The blog page also generates structured JSON-LD schema at the article level, including TechArticle, BreadcrumbList, and FAQPage types derived from the article body content. This was a deliberate SEO investment. Search engines reward structured data with rich results, and wiring it automatically from the CMS means every article gets it without any manual markup work.

Draft preview mode is wired through Next.js draftMode(). When enabled, the Contentful client switches its host from cdn.contentful.com to preview.contentful.com and uses the Preview API token instead of the Delivery token, returning unpublished drafts. This gives content editors a live preview URL to review articles before publishing without any additional tooling.

The FAQ page uses the same pattern, fetching items from a faqItem content type filterable by category and sorted by an explicit order field. All of this is strongly typed end to end, with TypeScript interfaces defined for every Contentful content model.

The practical benefit is separation of concerns. The engineering layer handles rendering, performance, and data safety. The content layer handles copy, imagery, and SEO metadata. Neither has to wait on the other.

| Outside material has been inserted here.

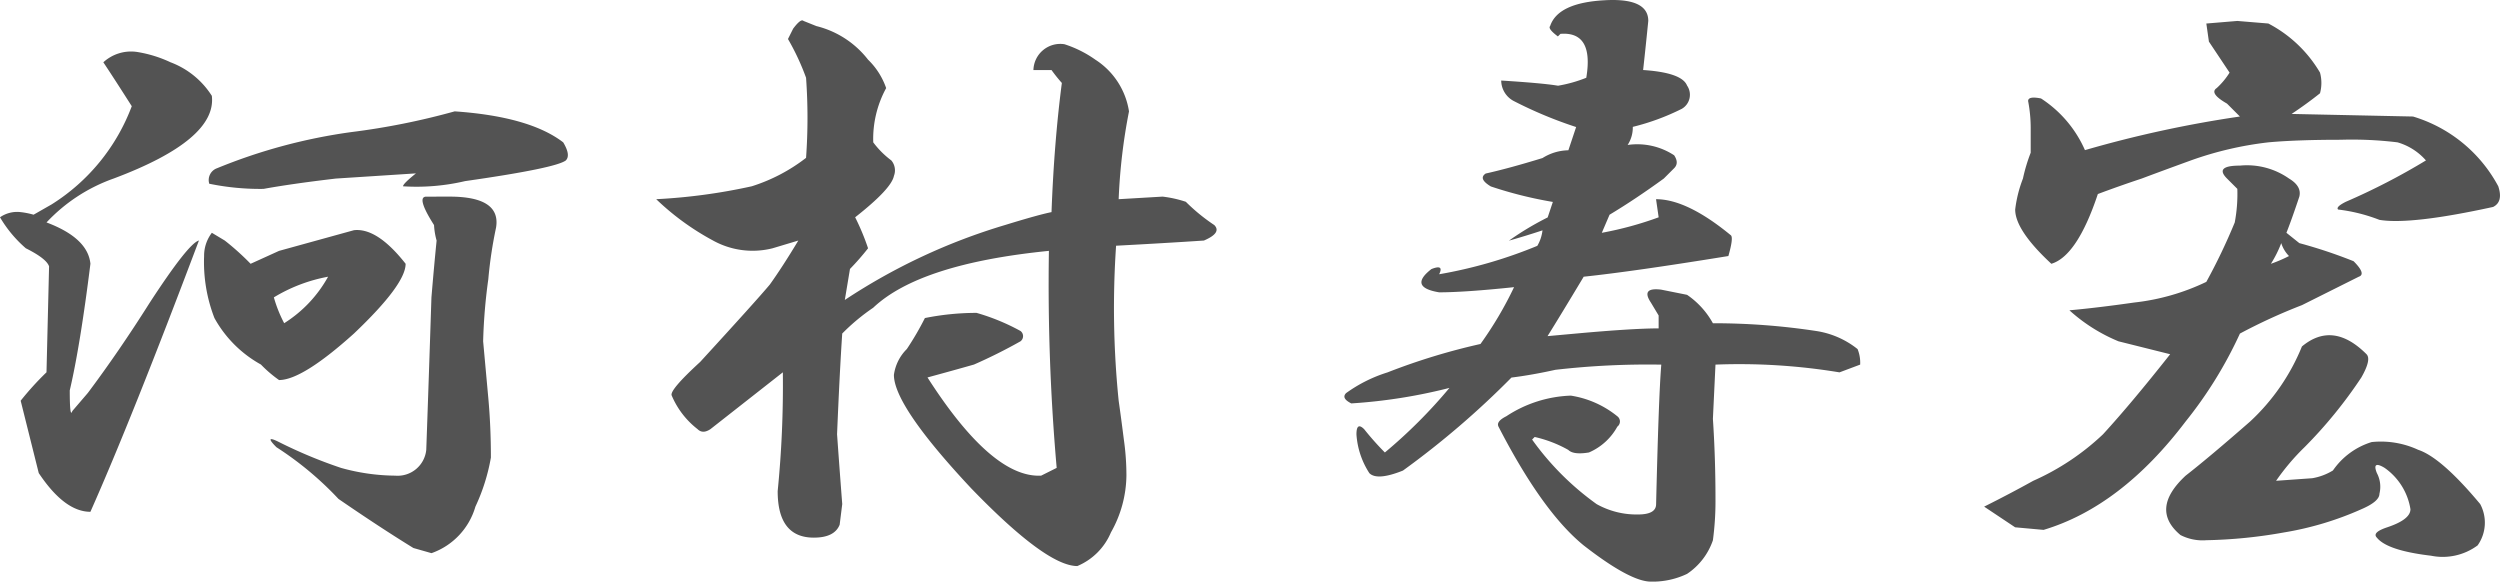 <svg xmlns="http://www.w3.org/2000/svg" width="151.198" height="35.172" viewBox="0 0 151.198 35.172">
  <path id="パス_1" data-name="パス 1" d="M12.344-28.906a7.547,7.547,0,0,1,2.031.625,5.068,5.068,0,0,1,2.5,2.031q.312,2.656-5.937,5a10.227,10.227,0,0,0-4.062,2.656q2.5.938,2.656,2.5-.625,5-1.25,7.656,0,1.719.156,1.25l.938-1.094q1.875-2.5,3.75-5.469,2.344-3.594,2.969-3.75Q12.031-6.719,9.531-1.094q-1.563,0-3.125-2.344L5.313-7.812A17.853,17.853,0,0,1,6.875-9.531l.156-6.406q-.156-.469-1.406-1.094a7.523,7.523,0,0,1-1.562-1.875,1.81,1.81,0,0,1,1.25-.312,4.7,4.7,0,0,1,.781.156l1.094-.625a11.972,11.972,0,0,0,4.844-5.937q-1.094-1.719-1.719-2.656A2.481,2.481,0,0,1,12.344-28.906Zm19.219,3.594q4.531.313,6.563,1.875.469.781.156,1.094-.625.469-6.094,1.25a12.839,12.839,0,0,1-3.75.313q0-.156.781-.781l-4.844.313q-2.656.313-4.375.625a15.256,15.256,0,0,1-3.281-.312.759.759,0,0,1,.469-.937,33.273,33.273,0,0,1,8.125-2.187A43.34,43.34,0,0,0,31.563-25.312Zm-.312,5.156q3.125,0,2.813,1.875a25.884,25.884,0,0,0-.469,3.125,33.155,33.155,0,0,0-.312,3.75l.313,3.438q.156,1.719.156,3.594a11.706,11.706,0,0,1-.937,2.969,4.224,4.224,0,0,1-2.656,2.813l-1.094-.312q-2.031-1.25-4.531-2.969A19.819,19.819,0,0,0,20.781-5q-.781-.781.156-.312a28.637,28.637,0,0,0,3.75,1.563,12.471,12.471,0,0,0,3.281.469,1.739,1.739,0,0,0,1.875-1.562q.156-4.375.313-9.219.156-1.875.313-3.437a4.274,4.274,0,0,1-.156-.937q-1.094-1.719-.469-1.719Zm-5.781,2.031q1.406-.156,3.125,2.031,0,1.25-3.125,4.219-3.125,2.813-4.531,2.813A7.575,7.575,0,0,1,19.844-10a7.165,7.165,0,0,1-2.812-2.812,9.367,9.367,0,0,1-.625-3.75,2.285,2.285,0,0,1,.469-1.406l.781.469a15.6,15.6,0,0,1,1.563,1.406l1.719-.781Zm-4.844,4.063A8.038,8.038,0,0,0,21.25-12.5a7.741,7.741,0,0,0,2.656-2.812A9.716,9.716,0,0,0,20.625-14.062ZM53.438-30.469a5.679,5.679,0,0,1,3.125,2.031,4.385,4.385,0,0,1,1.094,1.719,6.421,6.421,0,0,0-.781,3.281,5.332,5.332,0,0,0,1.094,1.094.932.932,0,0,1,.156.938q-.156.781-2.344,2.5a14.318,14.318,0,0,1,.781,1.875,15.49,15.49,0,0,1-1.094,1.25l-.312,1.875a36.345,36.345,0,0,1,9.688-4.531q2.031-.625,2.813-.781.156-4.219.625-7.812a9.456,9.456,0,0,1-.625-.781H66.563a1.627,1.627,0,0,1,1.875-1.562,6.85,6.85,0,0,1,1.875.938,4.531,4.531,0,0,1,2.031,3.125A34.509,34.509,0,0,0,71.719-20l2.656-.156a7.037,7.037,0,0,1,1.406.313A11.242,11.242,0,0,0,77.5-18.437q.469.469-.625.938-2.344.156-5.312.313a55.573,55.573,0,0,0,.156,9.375q.156,1.094.313,2.344a15.45,15.45,0,0,1,.156,2.188A7.123,7.123,0,0,1,71.25.156a3.791,3.791,0,0,1-2.031,2.031q-1.875,0-6.406-4.687-4.687-5-4.687-6.875a2.716,2.716,0,0,1,.781-1.562A17.467,17.467,0,0,0,60-12.812a15.9,15.9,0,0,1,3.125-.312,12.828,12.828,0,0,1,2.656,1.094.391.391,0,0,1,0,.625A31.2,31.2,0,0,1,62.969-10q-1.094.313-2.812.781,3.906,6.094,6.875,5.938l.938-.469A127.1,127.1,0,0,1,67.5-16.875q-7.812.781-10.625,3.438A12.416,12.416,0,0,0,55-11.875q-.156,2.344-.312,6.094.156,2.188.313,4.219l-.156,1.25q-.312.781-1.562.781-2.187,0-2.187-2.812a64.694,64.694,0,0,0,.313-7.187L47.031-6.094q-.469.313-.781,0a5.059,5.059,0,0,1-1.562-2.031q-.156-.312,1.719-2.031,3.438-3.75,4.219-4.687.781-1.094,1.719-2.656l-1.562.469a4.941,4.941,0,0,1-3.594-.469A15.659,15.659,0,0,1,43.75-20a34.955,34.955,0,0,0,5.781-.781A10.549,10.549,0,0,0,52.813-22.5a34.06,34.06,0,0,0,0-4.844,14.579,14.579,0,0,0-1.094-2.344l.313-.625q.469-.625.625-.469Zm47.656-1.562q2.656-.156,2.656,1.25-.156,1.562-.312,2.969,2.344.156,2.656.938a.983.983,0,0,1-.312,1.406,14.093,14.093,0,0,1-2.969,1.094,1.925,1.925,0,0,1-.312,1.094,4.063,4.063,0,0,1,2.813.625q.313.469,0,.781l-.625.625q-1.719,1.25-3.281,2.188l-.469,1.094a21.089,21.089,0,0,0,3.438-.937L104.219-20q1.875,0,4.531,2.188.156.156-.156,1.25-5.781.938-8.75,1.25-1.406,2.344-2.187,3.594l1.719-.156q3.437-.312,5-.312v-.781l-.469-.781q-.625-.937.625-.781l1.563.313a5,5,0,0,1,1.563,1.719,41.1,41.1,0,0,1,6.25.469,5.275,5.275,0,0,1,2.5,1.094,2.176,2.176,0,0,1,.156.938l-1.25.469a37.213,37.213,0,0,0-7.5-.469l-.156,3.281q.156,2.344.156,4.844a17.839,17.839,0,0,1-.156,2.5,3.993,3.993,0,0,1-1.562,2.031,4.833,4.833,0,0,1-2.187.469q-1.25,0-4.062-2.187-2.5-2.031-5.156-7.187-.156-.313.469-.625a7.555,7.555,0,0,1,3.906-1.25,5.913,5.913,0,0,1,2.813,1.25.391.391,0,0,1,0,.625,3.565,3.565,0,0,1-1.719,1.563q-.937.156-1.25-.156a7.521,7.521,0,0,0-2.031-.781l-.156.156a16.822,16.822,0,0,0,3.906,3.906,4.949,4.949,0,0,0,2.5.625q1.094,0,1.094-.625.156-6.562.313-8.437a48.855,48.855,0,0,0-6.406.313q-1.406.313-2.656.469a52.248,52.248,0,0,1-6.562,5.625q-1.562.625-2.031.156a4.884,4.884,0,0,1-.781-2.344q0-.781.469-.312a17.048,17.048,0,0,0,1.25,1.406,30.605,30.605,0,0,0,3.906-3.906,32.177,32.177,0,0,1-5.937.938q-.625-.312-.312-.625a8.673,8.673,0,0,1,2.5-1.25,38.636,38.636,0,0,1,5.625-1.719,22.214,22.214,0,0,0,2.031-3.437q-2.969.312-4.531.313-1.875-.312-.469-1.406.781-.312.469.313a27.964,27.964,0,0,0,5.938-1.719,2.4,2.4,0,0,0,.313-.937q-.937.313-2.031.625a17.45,17.45,0,0,1,2.344-1.406l.313-.937a24.678,24.678,0,0,1-3.75-.937q-.781-.469-.312-.781,1.406-.313,3.438-.937a3.015,3.015,0,0,1,1.563-.469l.469-1.406a25.472,25.472,0,0,1-3.75-1.562,1.413,1.413,0,0,1-.781-1.25q2.5.156,3.438.313A8.288,8.288,0,0,0,100-27.344q.469-2.812-1.562-2.656l-.156.156q-.625-.469-.469-.625Q98.281-31.875,101.094-32.031Zm40.156,1.406a7.813,7.813,0,0,1,3.125,2.969,2.388,2.388,0,0,1,0,1.25q-.781.625-1.719,1.25L150-25a8.674,8.674,0,0,1,5.156,4.219q.312.938-.312,1.25-5,1.094-6.875.781a10.228,10.228,0,0,0-2.5-.625q-.156-.156.469-.469a39.837,39.837,0,0,0,4.844-2.5,3.616,3.616,0,0,0-1.719-1.094,22.774,22.774,0,0,0-3.437-.156q-2.656,0-4.375.156a20.947,20.947,0,0,0-4.687,1.094q-1.719.625-2.969,1.094-1.406.469-2.656.938-1.25,3.75-2.812,4.219-2.188-2.031-2.187-3.281a7.671,7.671,0,0,1,.469-1.875,10.2,10.2,0,0,1,.469-1.562v-1.406a8.78,8.78,0,0,0-.156-1.719q0-.313.781-.156a7.141,7.141,0,0,1,2.656,3.125A70.022,70.022,0,0,1,139.531-25l-.781-.781q-1.094-.625-.625-.937a4.447,4.447,0,0,0,.781-.937l-1.25-1.875-.156-1.094,1.875-.156Zm-1.719,8.594a4.429,4.429,0,0,1,2.969.781q.781.469.625,1.094-.469,1.406-.781,2.188l.781.625a29.544,29.544,0,0,1,3.281,1.094q.781.781.313.938l-3.437,1.719a33.837,33.837,0,0,0-3.75,1.719,25.328,25.328,0,0,1-3.281,5.313Q132.344-1.406,127.656,0l-1.719-.156-1.875-1.25q1.562-.781,2.969-1.562a14.918,14.918,0,0,0,4.219-2.812q1.719-1.875,4.063-4.844l-3.125-.781a10.219,10.219,0,0,1-2.969-1.875q1.719-.156,3.906-.469A13.465,13.465,0,0,0,137.5-15a35.77,35.77,0,0,0,1.719-3.594,9.308,9.308,0,0,0,.156-2.031l-.625-.625Q137.969-22.031,139.531-22.031Zm1.875,5.938a8.574,8.574,0,0,0,1.094-.469,1.961,1.961,0,0,1-.469-.781A6.936,6.936,0,0,1,141.406-16.094Zm5.781,5.469q.312.312-.312,1.406A27.565,27.565,0,0,1,143.438-5a13.725,13.725,0,0,0-1.719,2.031l2.188-.156a3.485,3.485,0,0,0,1.25-.469A4.424,4.424,0,0,1,147.5-5.312a5.369,5.369,0,0,1,2.813.469q1.406.469,3.75,3.281a2.379,2.379,0,0,1-.156,2.5,3.547,3.547,0,0,1-2.812.625q-2.656-.313-3.281-1.094-.312-.313.625-.625,1.406-.469,1.406-1.094a3.774,3.774,0,0,0-1.562-2.5q-.781-.469-.469.313a1.763,1.763,0,0,1,.156,1.25q0,.469-1.094.938A19.087,19.087,0,0,1,142.188.156,29.464,29.464,0,0,1,137.5.625a2.927,2.927,0,0,1-1.562-.312q-1.875-1.563.313-3.594,1.406-1.094,3.906-3.281a12.694,12.694,0,0,0,3.125-4.531Q145.156-12.656,147.188-10.625Z" transform="translate(-4.063 32.047)" fill="#535353"/>
</svg>

Key Decisions and Trade-offs

Every significant technical decision in Orbinix was made deliberately. Here's a summary of the most important ones:

The Tech Stack

What Shipped

Here's an honest accounting of where the project stands:

• All six MVP phases shipped: Foundation, Core Ingestion, AI Engine, Interactive Editor, PDF Export, and Polish
• Full freemium billing pipeline is live, including Stripe webhooks, subscription sync, and credit pack purchases
• Four AI model integrations across four distinct use cases (tailoring, premium tailoring, gap rewrite, cover letter)
• Self-hosted CI/CD with secret isolation and a documented rollback procedure
• Contentful-powered blog and marketing content layer
• Cover letter generation, which was originally a post-MVP item, shipped during the polish phase

Still in progress: word-level inline diff highlighting in the editor, dynamic match score recalculation as users make edits, and a full unit and integration test suite. These are the next items on the roadmap.

What I'd Do Differently

The biggest thing I'd change is building the test suite earlier. Unit tests for the CV parsing logic and integration tests for the AI pipeline would have caught a handful of normalization edge cases before they reached the main branch. I treated testing as a polish-phase task and paid for that with some late debugging sessions.

I'd also think harder about the PDF export architecture earlier in the project. The @react-pdf/renderer approach works well for ATS-friendly single-column documents, but it has real limitations around dynamic font loading and complex layout flexibility. If I were starting over, I'd evaluate a headless Chrome approach from the beginning rather than switching mid-build.

On the prompt engineering side, I'd invest more time upfront in a structured evaluation framework. The current system prompt for CV tailoring was refined through iteration and manual testing. A more systematic approach, comparing outputs across a diverse set of CV types before locking in the prompt, would have produced a more robust result faster.

Those lessons aside, Orbinix is the project I'm most proud of because it forced me to think across the full stack at once. The AI layer alone wasn't interesting. The billing alone wasn't interesting. The CI/CD setup alone wasn't interesting. What made it a good engineering challenge was making all of those layers work together reliably, in production, with real money and real AI costs on the line.

Orbinix is actively developed. The codebase, architecture decisions, and prompt engineering approach all reflect production trade-offs from building an AI SaaS in early 2026.